On 05/14/2018 02:05 PM, Jean-Baptiste Maneyrol wrote:
The purpose of this series is to implement a new timestamping mechanism
able to cope with missing and delayed interrupts.
Since our system is not real-time, there will be cases where interrupts
with higher priorities will prevent the execution of our interrupt
handler. We need to be able to deal with it and keep an accurate
timestamp for data. We will not loose data since chips have a FIFO, but
we will loose interrupt timestamps.
The main idea in this mechanism is first to validate interrupt
timestamps, and then use them to estimate the chip internal clock from
system side. For validating an interrupt timestamp, we compute the delta
time between 2 interrupts and divide it by the chip divider to come back
to the chip internal 1KHz frequency. If the value matches 1KHz by +/-
4%, we consider it to be valid.
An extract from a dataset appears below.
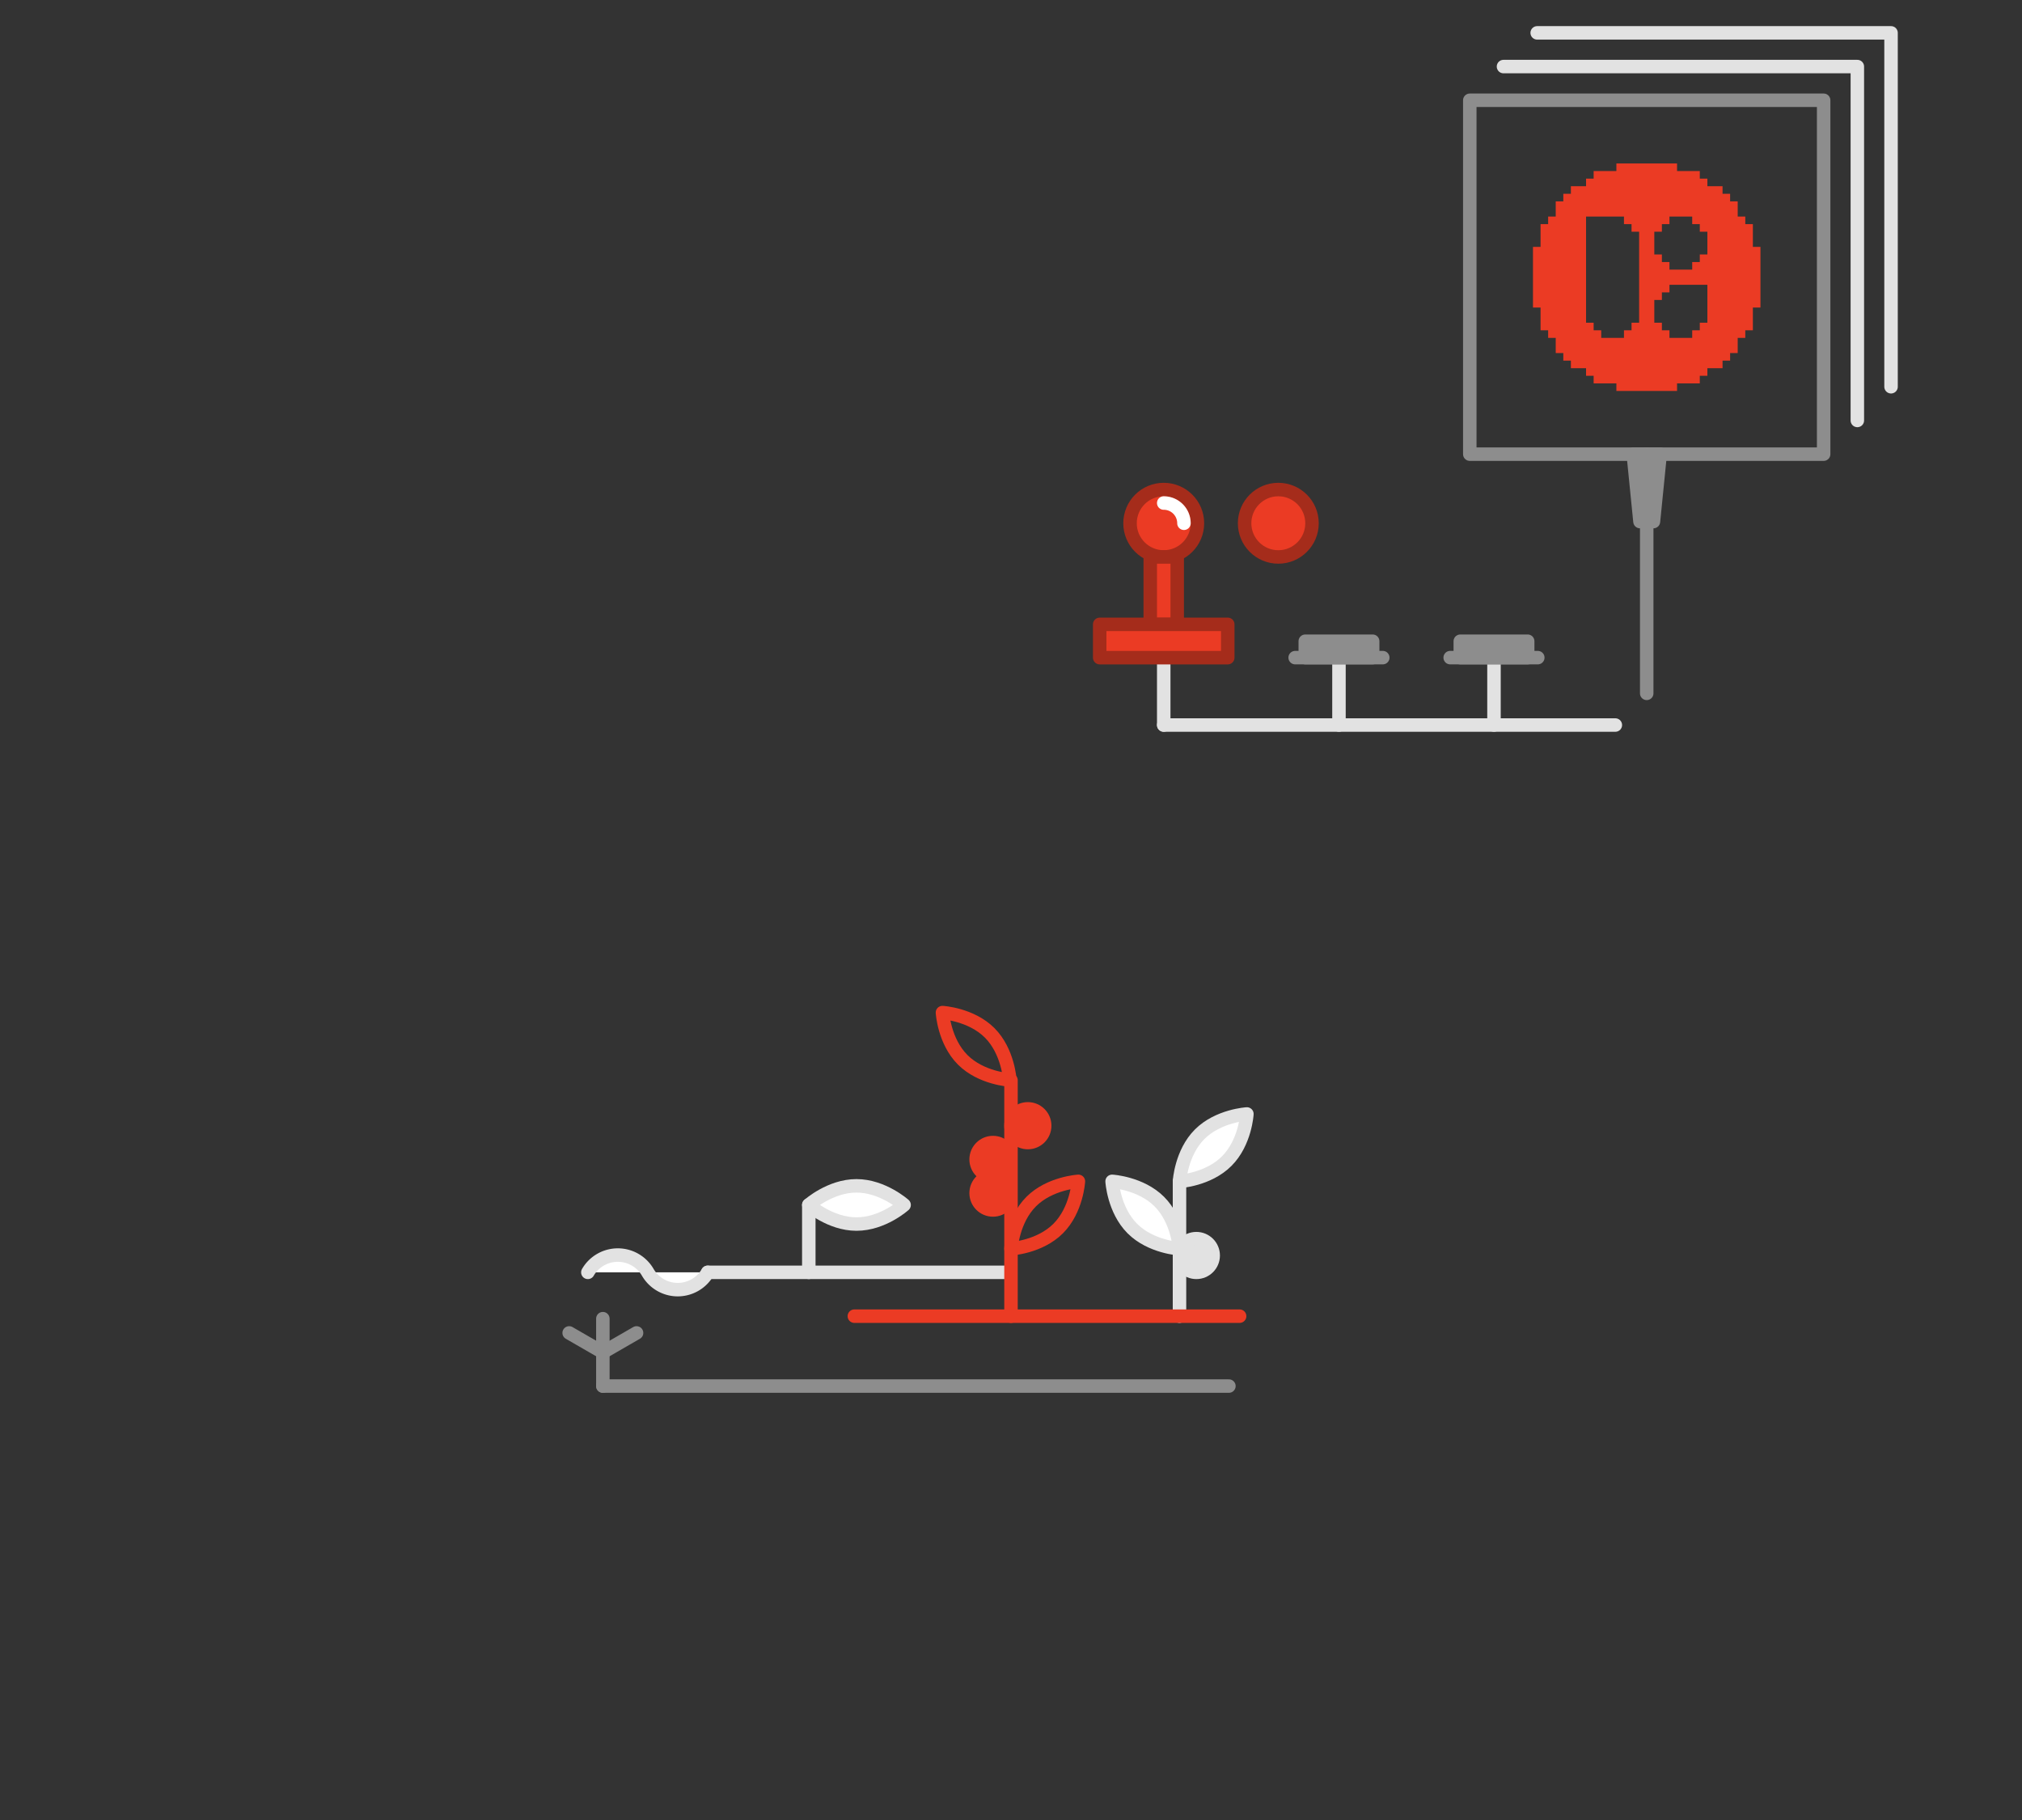 <svg viewBox="0 0 600 540" xmlns="http://www.w3.org/2000/svg"><rect x="0" y="0" width="600" height="540" fill="#333333" stroke="none"/><path d="m345.32 215.12h134.01" fill="#fff" stroke="#e2e2e2" stroke-linecap="round" stroke-linejoin="round" stroke-width="4"/><path d="m436.14 29.75h105v105h-105z" fill="none" stroke="#8d8d8d" stroke-linecap="round" stroke-linejoin="round" stroke-width="4"/><path d="m520.14 73.25v-6.75h-2.25v-2.25h-2.25v-4.5h-2.25v-2.25h-2.25v-2.25h-4.5v-2.25h-2.25v-2.25h-6.75v-2.25h-18v2.25h-6.75v2.25h-2.25v2.25h-4.5v2.25h-2.25v2.25h-2.25v4.5h-2.25v2.25h-2.25v6.75h-2.25v18h2.25v6.75h2.25v2.25h2.25v4.5h2.25v2.25h2.25v2.25h4.5v2.25h2.25v2.25h6.75v2.25h18v-2.25h6.75v-2.25h2.25v-2.25h4.5v-2.25h2.25v-2.25h2.25v-4.5h2.25v-2.25h2.25v-6.75h2.25v-18zm-27 4.5v-2.25h-2.25v-6.75h2.25v-2.25h2.25v-2.25h6.75v2.25h2.25v2.25h2.25v6.75h-2.25v2.25h-2.25v2.25h-6.75v-2.25zm-18 22.5v-2.25h-2.25v-2.25h-2.25v-31.5h11.25v2.25h2.25v2.25h2.25v27h-2.25v2.25h-2.25v2.25zm29.25-4.5v2.25h-2.25v2.25h-6.75v-2.25h-2.25v-2.25h-2.25v-6.75h2.25v-2.25h2.25v-2.25h11.25v11.25z" fill="#eb3b24"/><g stroke-linecap="round" stroke-linejoin="round" stroke-width="4"><path d="m397.32 195.12v20" fill="#fff" stroke="#e2e2e2"/><path d="m443.32 195.12v20" fill="#fff" stroke="#e2e2e2"/><path d="m345.32 195.12v20" fill="#fff" stroke="#e2e2e2"/><path d="m384.32 195.12h26" fill="none" stroke="#8d8d8d"/><circle cx="345.32" cy="155.25" fill="#eb3b24" r="10" stroke="#a52c1b"/><circle cx="379.32" cy="155.25" fill="#eb3b24" r="10" stroke="#a52c1b"/><path d="m341.32 165.25h8v20h-8z" fill="#eb3b24" stroke="#a52c1b"/><path d="m326.32 185.25h38v9.88h-38z" fill="#eb3b24" stroke="#a52c1b"/><path d="m387.32 190.25h20v4.88h-20z" fill="#8d8d8d" stroke="#8d8d8d"/><path d="m430.32 195.12h26" fill="none" stroke="#8d8d8d"/><path d="m433.32 190.25h20v4.88h-20z" fill="#8d8d8d" stroke="#8d8d8d"/><path d="m345.32 149.25a6 6 0 0 1 6 6" fill="none" stroke="#fff"/><path d="m488.64 134.75v70.97" fill="none" stroke="#8d8d8d"/><path d="m490.64 154.75h-4l-2-20h8z" fill="#8d8d8d" stroke="#8d8d8d"/><path d="m551.14 124.75v-105h-105" fill="none" stroke="#e2e2e2"/><path d="m561.14 114.75v-105h-105" fill="none" stroke="#e2e2e2"/><path d="m178.89 411.25h185.77" fill="none" stroke="#8d8d8d"/><path d="m178.89 411.25v-20" fill="none" stroke="#8d8d8d"/><path d="m168.89 395.48 10 5.77 10-5.77" fill="none" stroke="#8d8d8d"/><path d="m350 390.51v-40" fill="#fff" stroke="#e2e2e2"/><path d="m344 356.51c5.52 5.52 6 14 6 14s-8.48-.47-14-6-6-14-6-14 8.48.49 14 6z" fill="#fff" stroke="#e2e2e2"/><path d="m364 344.52c-5.52 5.52-14 6-14 6s.47-8.48 6-14 14-6 14-6-.47 8.48-6 14z" fill="#fff" stroke="#e2e2e2"/><circle cx="355" cy="372.51" fill="#e2e2e2" r="5" stroke="#e2e2e2"/><path d="m253.52 390.51h114.32" fill="none" stroke="#eb3b24"/><path d="m240 377.51v-20" fill="#fff" stroke="#e2e2e2"/><path d="m254.14 363.18c-7.81 0-14.14-5.67-14.14-5.67s6.33-5.67 14.14-5.67 14.14 5.67 14.14 5.67-6.28 5.67-14.14 5.67z" fill="#fff" stroke="#e2e2e2"/><path d="m210 377.51h89.65" fill="#fff" stroke="#e2e2e2"/><path d="m210 377.51a10.27 10.27 0 0 1 -17.78 0 10.27 10.27 0 0 0 -17.78 0" fill="#fff" stroke="#e2e2e2"/><path d="m300 390.51v-70" fill="none" stroke="#eb3b24"/><path d="m306 356.51c-5.52 5.52-6 14-6 14s8.48-.47 14-6 6-14 6-14-8.48.49-14 6z" fill="none" stroke="#eb3b24"/><circle cx="294.65" cy="354" fill="#eb3b24" r="5" stroke="#eb3b24"/><circle cx="294.65" cy="344" fill="#eb3b24" r="5" stroke="#eb3b24"/><circle cx="305" cy="334" fill="#eb3b24" r="5" stroke="#eb3b24"/><path d="m293.66 306.44c5.52 5.52 6 14 6 14s-8.48-.47-14-6-6-14-6-14 8.47.48 14 6z" fill="none" stroke="#eb3b24"/></g></svg>

In this case, we use the interrupt
timestamps for the data and the computed interval for estimating the
chip internal frequency (doing a mean with the precedent value for a
low-pass filtering). If the value doesn't match the 4% criteria, we drop
the timestamp and we compute a new one using the precedent value and the
estimated chip frequency.
The first patches of the series are some cleanup needed for this
implementation :
* patch 1: get rid of the timestamps FIFO (was in fact useless)
* patch 2: replace fifo rate in Hz by the sample rate divider needed by
the timestamp mechanism. Sample rate divider is equivalent to fifo rate.
* patch 3: fix fifo count reading by ignoring incomplete datum (can happen)
* patch 4: fix fifo overflowing by using more accurate int status bit
* patch 5: the new timestamp mechanism
Martin,
any feedback from your platform where the issue appears a lot are welcome.
Thanks.
JB
I like this approach. I tested the patch series on my troubled board and
am happy to report it working nicely.